WORK TO BE COMPLETED:
Every line from the line containing "This was 6.1 seconds after image 1." through the end of the data is to be reproduced exactly, excluding pictures.

SOURCE INFORMATION:

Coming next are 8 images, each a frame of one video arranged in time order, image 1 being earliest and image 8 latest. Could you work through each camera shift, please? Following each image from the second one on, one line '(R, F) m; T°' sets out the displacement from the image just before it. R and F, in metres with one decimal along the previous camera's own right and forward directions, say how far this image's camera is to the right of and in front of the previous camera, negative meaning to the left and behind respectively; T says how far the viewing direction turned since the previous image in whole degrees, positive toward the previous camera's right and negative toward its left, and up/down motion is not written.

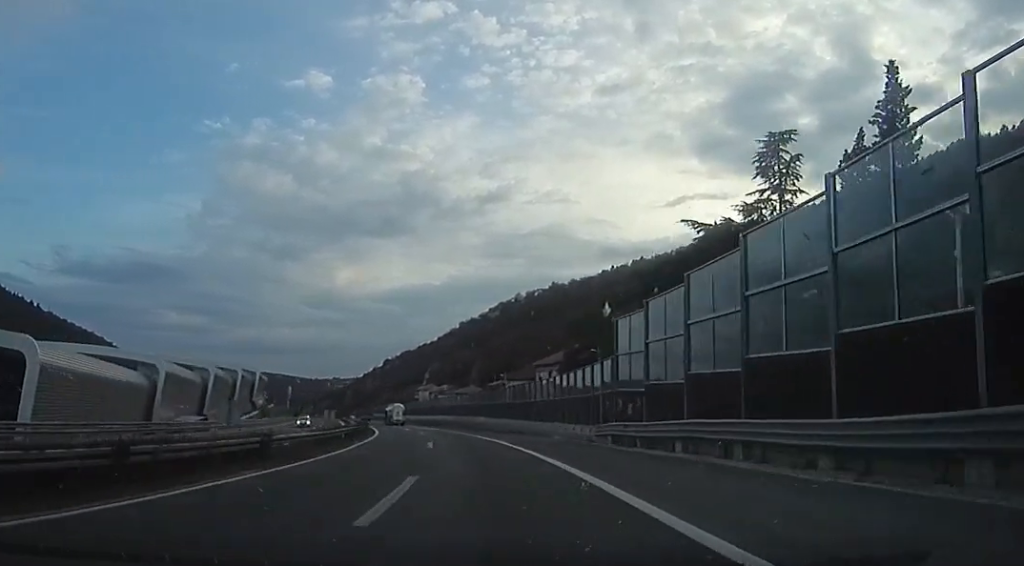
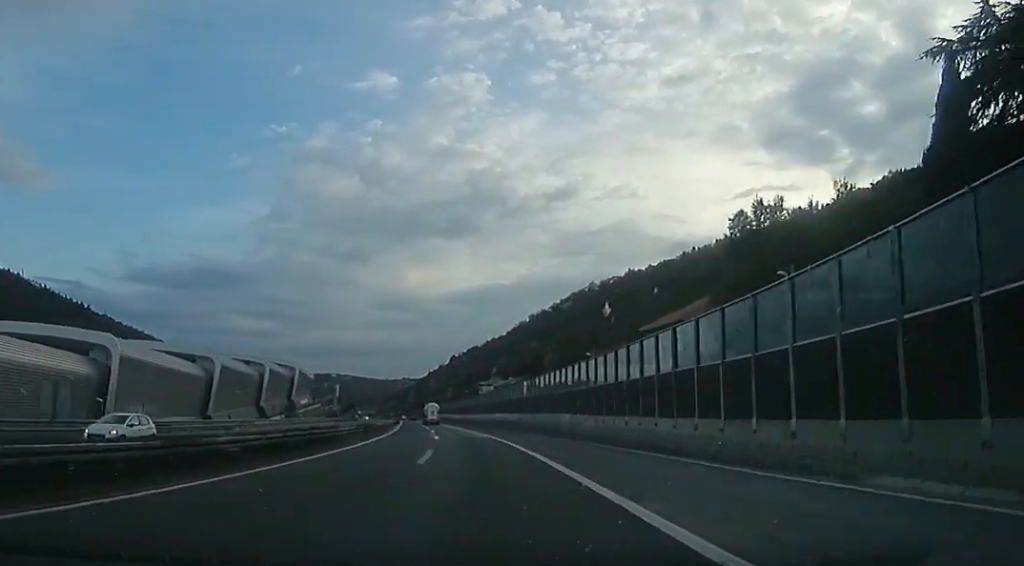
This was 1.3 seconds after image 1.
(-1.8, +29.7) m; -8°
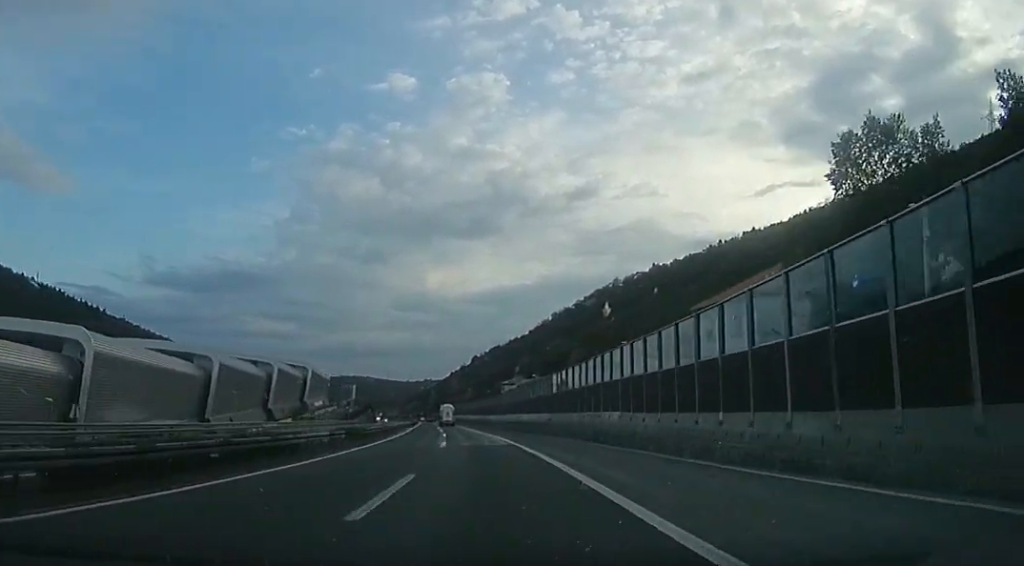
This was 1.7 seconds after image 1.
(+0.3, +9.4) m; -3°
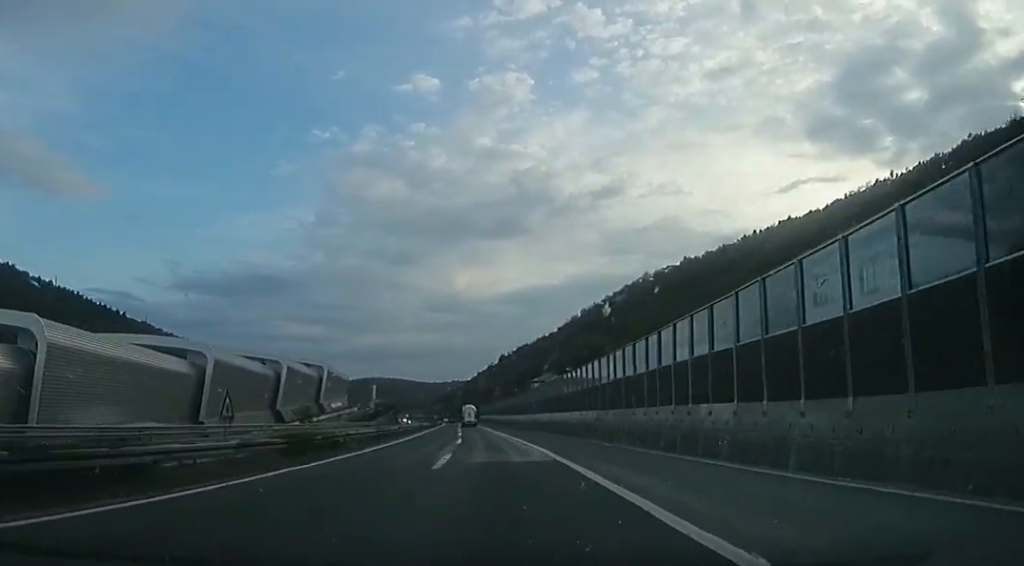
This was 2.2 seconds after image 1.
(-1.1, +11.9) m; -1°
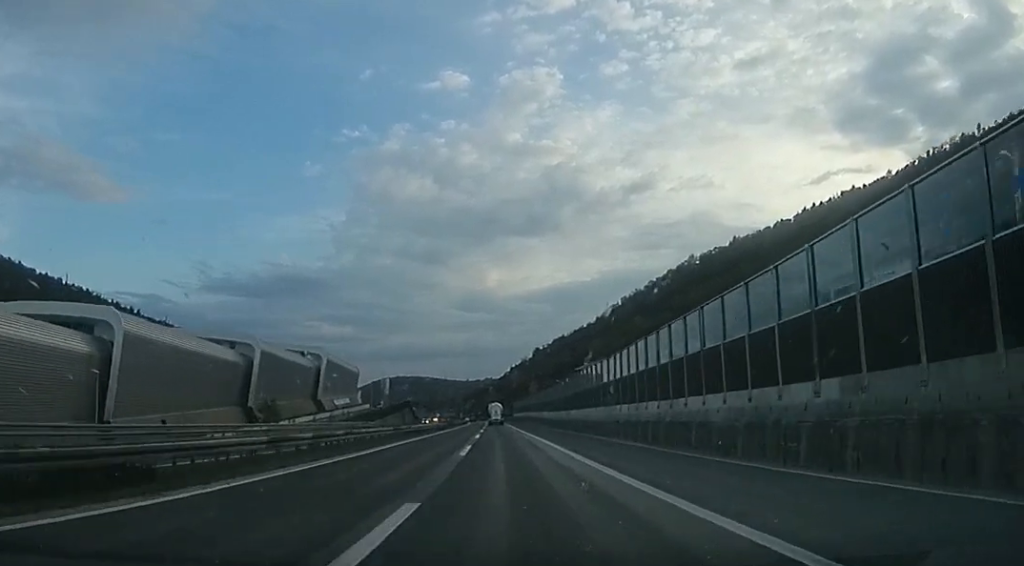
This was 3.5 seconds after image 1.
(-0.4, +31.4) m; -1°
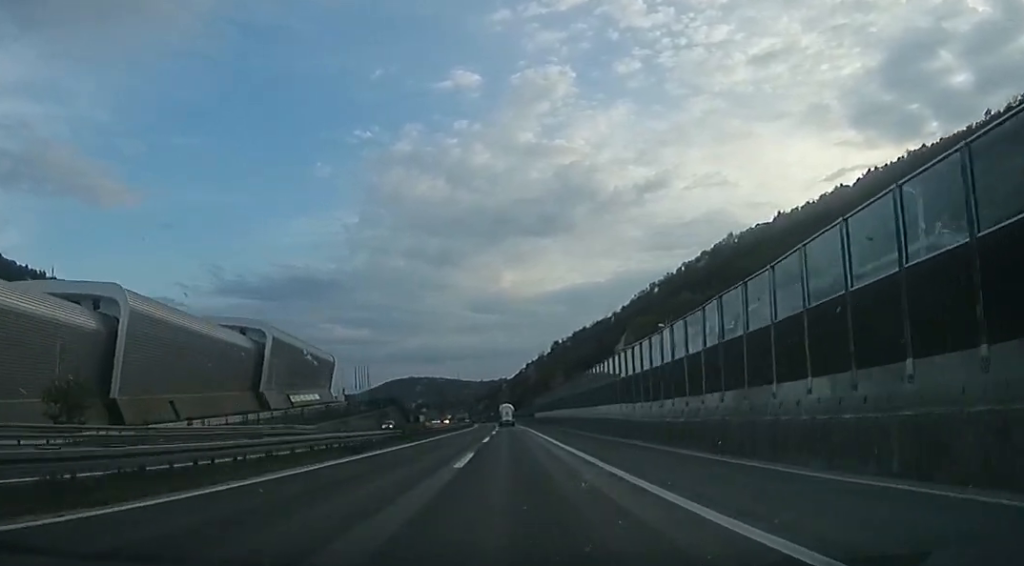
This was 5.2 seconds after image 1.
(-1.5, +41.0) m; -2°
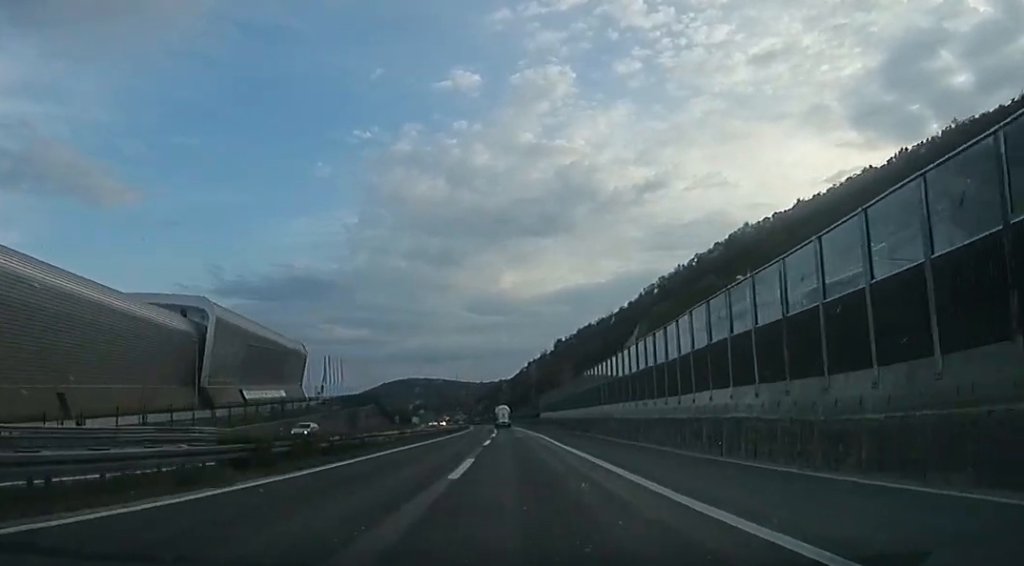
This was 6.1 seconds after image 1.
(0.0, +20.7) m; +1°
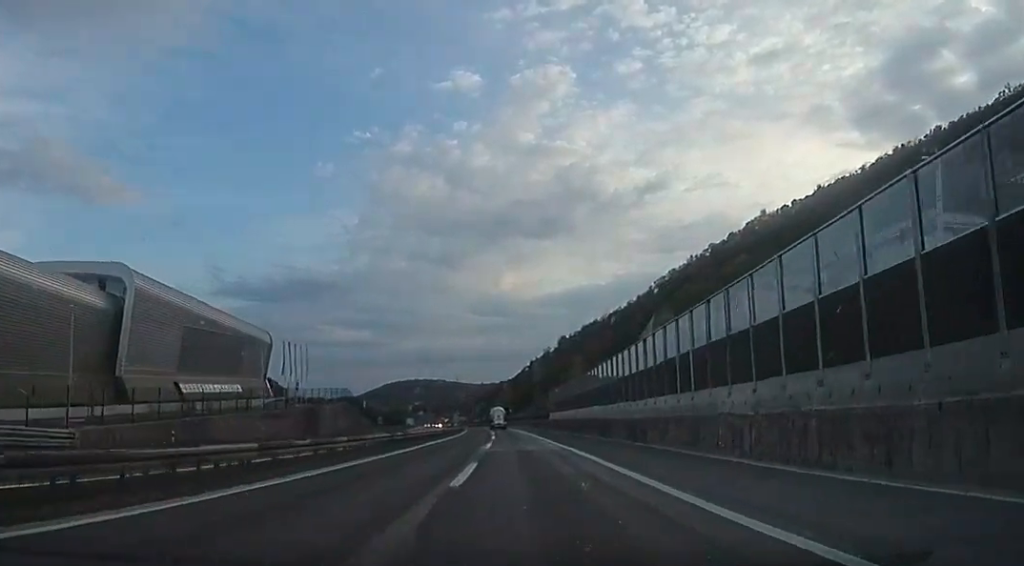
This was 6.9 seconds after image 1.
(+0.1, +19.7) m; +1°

WRITTEN RESPONSE:
This was 6.1 seconds after image 1.
(0.0, +20.7) m; +1°
This was 6.9 seconds after image 1.
(+0.1, +19.7) m; +1°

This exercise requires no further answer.